今、すずが語った内容はまるで今の俺たちの状況そのものだった。
(そんなわけないだろう。あいつが浮気に気が付くような女じゃないのはわかっているだろう。絶対に偶然だ、絶対に、)
後ろからあくびをする声がする。
変な汗が背中を濡らしていくのが分かった。
「なんだか眠たくなってきた…ごめん、先に寝るね」
「あぁ、わかった。おやすみ」
「うん、おやすみ~」
すずはそのまま寝室へいった。一人残されたリビングではすずが見ていたドラマが流れていた。
「大丈夫だ。バレているわけがない」
ごくり、唾を呑み込みコップに麦茶を注いだ。

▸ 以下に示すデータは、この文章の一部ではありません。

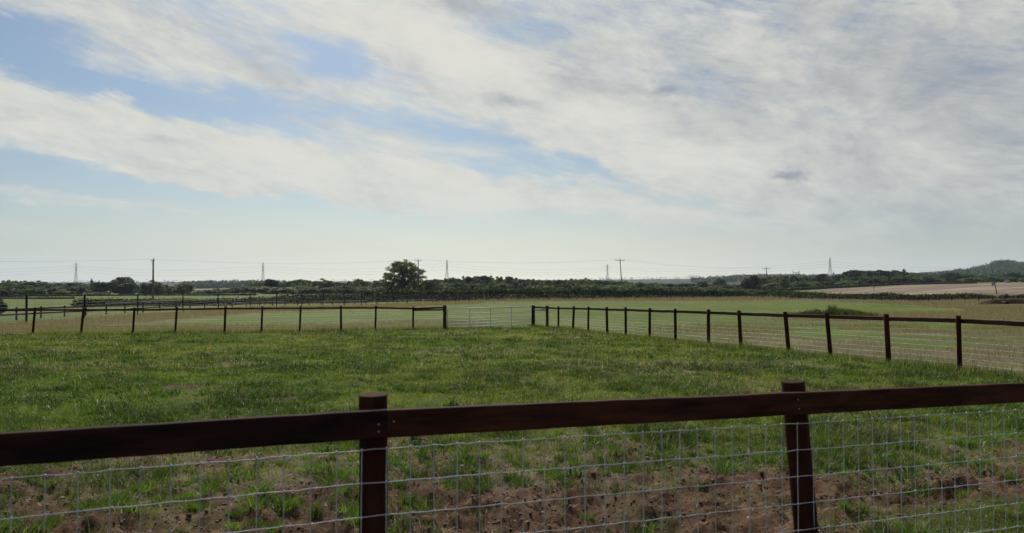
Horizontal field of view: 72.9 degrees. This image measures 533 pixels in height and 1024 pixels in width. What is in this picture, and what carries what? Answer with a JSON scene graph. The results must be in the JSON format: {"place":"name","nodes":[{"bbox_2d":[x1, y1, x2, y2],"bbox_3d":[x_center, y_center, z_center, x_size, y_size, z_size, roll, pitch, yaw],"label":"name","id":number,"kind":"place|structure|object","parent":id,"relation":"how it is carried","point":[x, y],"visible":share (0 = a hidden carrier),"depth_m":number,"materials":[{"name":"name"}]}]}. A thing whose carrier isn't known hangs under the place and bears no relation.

それを持ったままソファへ移動した。
心拍数が上昇しているのを抑えるようにして深呼吸をする。そして麦茶を一気に呑み込む。
そのあと、テーブルにそれを乱暴に置いた。
テレビからはドラマが流れていた。
どんな不倫の話なのだろうかと気になった。
だがおかしいのだ。10分経とうとそういったシーンもなければ登場人物もおかしい。
学生が中心になって物語が進んでいる。たまたま回想しているシーンが多いだけなのだろうか。
気になってドラマのタイトルを調べた。
そして絶句した。
「…どういう、ことだ…―?」
それをスマートフォンで検索を掛けるがやはり青春ドラマだった。不倫のドラマではなかった。じゃあ、一体彼女は何を見ていた?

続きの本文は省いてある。